See more on Felix Shafir
Felix Shafir

Horvitz & Levy • Burbank


Felix Shafir is a seasoned attorney with nearly 22 years of experience in employment law, a field he was drawn to due to its broad spectrum of intriguing issues. His expertise spans constitutional questions, contract and statute interpretation, and complex procedural matters in class action and arbitration law.


Shafir has handled a variety of significant cases, including a matter before the California Supreme Court, where he represented Lyft in a wage-and-hour dispute over driver classification. Turrieta v. Lyft, Inc. (2021) 69 Cal.App.5th 955.


The case involved a settlement of PAGA claims that was challenged by objectors with separate PAGA actions, leading to a split in appellate court decisions and a review by the California Supreme Court.


"If the Supreme Court agrees with Lyft that such PAGA plaintiffs have no standing to object or to move to intervene or vacate, that development could have major ramifications for PAGA settlement proceedings going forward by sharply curtailing objections to PAGA settlements," Shafir said.

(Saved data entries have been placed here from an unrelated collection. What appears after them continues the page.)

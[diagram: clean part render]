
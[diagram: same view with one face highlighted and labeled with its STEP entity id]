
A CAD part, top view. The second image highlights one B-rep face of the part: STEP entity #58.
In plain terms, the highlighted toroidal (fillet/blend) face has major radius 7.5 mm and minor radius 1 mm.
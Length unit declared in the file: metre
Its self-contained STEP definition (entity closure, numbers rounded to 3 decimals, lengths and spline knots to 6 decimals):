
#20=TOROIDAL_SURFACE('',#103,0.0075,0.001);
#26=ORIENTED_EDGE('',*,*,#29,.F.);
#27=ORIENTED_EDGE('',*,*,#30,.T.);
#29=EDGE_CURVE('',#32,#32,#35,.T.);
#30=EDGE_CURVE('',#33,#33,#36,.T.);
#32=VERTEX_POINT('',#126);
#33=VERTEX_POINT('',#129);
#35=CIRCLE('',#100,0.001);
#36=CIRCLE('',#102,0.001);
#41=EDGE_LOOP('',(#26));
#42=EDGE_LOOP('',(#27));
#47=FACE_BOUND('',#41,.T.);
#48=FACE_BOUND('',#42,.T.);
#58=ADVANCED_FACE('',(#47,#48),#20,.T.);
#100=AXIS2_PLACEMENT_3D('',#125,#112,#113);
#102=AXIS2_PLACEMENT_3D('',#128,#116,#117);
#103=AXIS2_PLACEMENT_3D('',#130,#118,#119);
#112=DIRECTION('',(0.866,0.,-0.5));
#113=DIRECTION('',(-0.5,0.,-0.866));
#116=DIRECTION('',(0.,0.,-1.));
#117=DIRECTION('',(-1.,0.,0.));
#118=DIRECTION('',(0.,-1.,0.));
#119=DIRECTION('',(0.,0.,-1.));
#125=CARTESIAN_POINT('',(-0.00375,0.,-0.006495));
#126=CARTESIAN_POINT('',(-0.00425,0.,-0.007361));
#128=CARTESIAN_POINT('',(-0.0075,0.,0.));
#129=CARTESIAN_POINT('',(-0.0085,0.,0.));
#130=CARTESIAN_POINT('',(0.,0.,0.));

Additionally, Shafir filed an amicus brief in Viking River Cruises, Inc. v. Moriana with the U.S. Supreme Court on behalf of the Washington Legal Foundation and Atlantic Legal Foundation. Viking River Cruises, Inc. v. Moriana, 142 S. Ct. 1906 (2022). This case addressed the enforcement of an arbitration agreement's PAGA representative-action waiver, with the Supreme Court ultimately deciding on the matter of Federal Arbitration Act preemption.

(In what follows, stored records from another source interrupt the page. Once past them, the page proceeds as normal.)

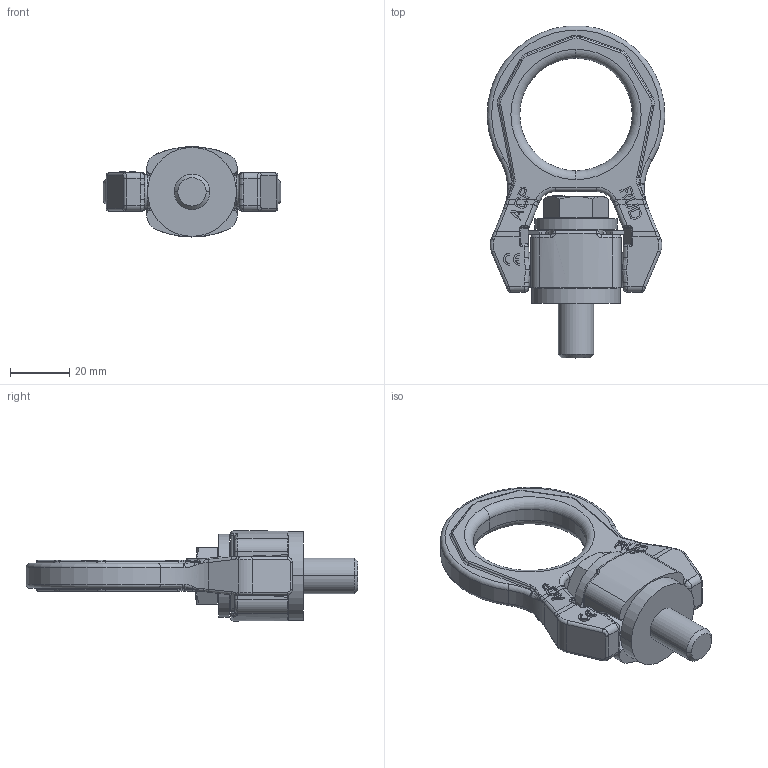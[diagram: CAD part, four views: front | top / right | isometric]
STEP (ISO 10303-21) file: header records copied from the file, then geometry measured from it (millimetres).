
FILE_DESCRIPTION((''),'2;1');
FILE_NAME('001-M35810-P-1_ASM','2021-12-22T07:54:40',('Anja.Joas'),(''),'CREO PARAMETRIC BY PTC INC, 2020454','CREO PARAMETRIC BY PTC INC, 2020454','');
FILE_SCHEMA(('AP242_MANAGED_MODEL_BASED_3D_ENGINEERING_MIM_LF { 1 0 10303 442 1 1 4 }'));
Products named in the file (5): 001-M35810-P-20_AF0; 001-M35810-P-10; 001-M35810-P-60; 001-M34896-P-1; 001-M35810-P-1_ASM
Assembly tree (4 placements, depth 2):
  001-M35810-P-1_ASM
    001-M35810-P-20_AF0
    001-M35810-P-10
    001-M35810-P-60
    001-M34896-P-1
Bounding box: 59.96 x 112.09 x 30.41 mm (x, y, z)
Volume: 49586.6 mm3; surface area: 21668.7 mm2
Topology: 5 solids, 5 shells, 1398 faces, 3747 edges, 2411 vertices
Faces by surface type: plane 992, cylinder 195, bspline 116, torus 83, cone 8, sphere 4
Entity records: 54060 total; most frequent: CARTESIAN_POINT 14145, ORIENTED_EDGE 7494, DIRECTION 6584, EDGE_CURVE 3747, VECTOR 2914, LINE 2914, VERTEX_POINT 2411, AXIS2_PLACEMENT_3D 1835

"Years before this development, the California Supreme Court previously held the FAA did not apply to this prohibition because PAGA claims fell outside the FAA's coverage. In the U.S. Supreme Court, the defendant needed to focus on a broad range of questions implicated by the California Supreme Court's prohibition," Shafir said.

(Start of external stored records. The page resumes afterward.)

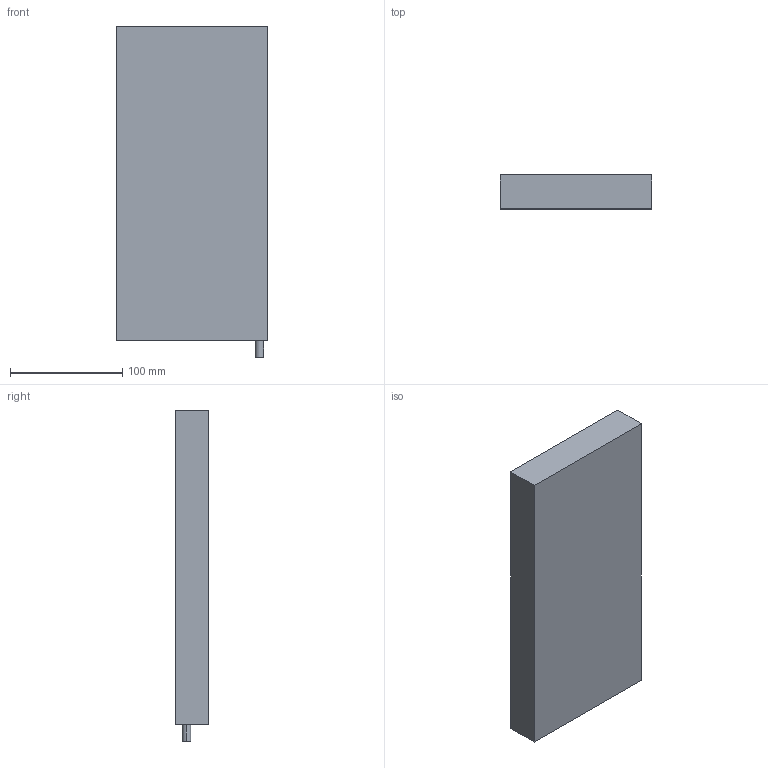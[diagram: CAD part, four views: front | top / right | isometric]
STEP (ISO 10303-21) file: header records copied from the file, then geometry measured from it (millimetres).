
FILE_DESCRIPTION (( 'STEP AP214' ), '1' );
FILE_NAME ('ZW3-H115-3-MODEL-A00.step', '2026-01-05T02:14:33', ( '' ), ( '' ), 'SwSTEP 2.0', 'SolidWorks 2020', '' );
FILE_SCHEMA (( 'AUTOMOTIVE_DESIGN' ));
Length unit declared in the file: millimetre
Products named in the file (1): ZW3-H115-3-MODEL-A00
Bounding box: 135 x 30 x 295 mm (x, y, z)
Volume: 1132681.8 mm3; surface area: 102741.6 mm2
Topology: 1 solids, 1 shells, 73 faces, 178 edges, 92 vertices
Faces by surface type: cylinder 34, cone 32, plane 7
Entity records: 2286 total; most frequent: DIRECTION 362, CARTESIAN_POINT 312, ORIENTED_EDGE 292, EDGE_CURVE 146, AXIS2_PLACEMENT_3D 142, VERTEX_POINT 92, EDGE_LOOP 90, LINE 78

As a result, it could pay only limited attention to the California Supreme Court's central rationale for insulating the prohibition from FAA preemption, for example, the mistaken premise that the FAA did not apply to that prohibition because PAGA claims are government enforcement actions, he added.


"Consequently, our amicus brief focused heavily on why that rationale was wrong," Shafir said. "Happily, the U.S. Supreme Court agreed, holding that the FAA applies to PAGA claims. This was a major breakthrough. For years, California courts insisted the FAA did not apply to PAGA claims, but, after Viking River Cruises, many lower courts have finally compelled individual PAGA claims to arbitration."


Shafir said that all this goes to show that, when it comes to constitutional protections -- like federal preemption -- California courts do not have the last word and businesses can and will continue to insist on their constitutional rights regardless of what California courts decide because the U.S. Supreme Court may yet overturn erroneous California decisions even if it takes time to do so. 


"This has been particularly true in the area of FAA preemption, where California courts have long been out of sync with the U.S. Supreme Court's federal arbitration precedent and the high court has therefore repeatedly stepped in, even if years later, to correct the erroneous course charted by California courts," Shafir said.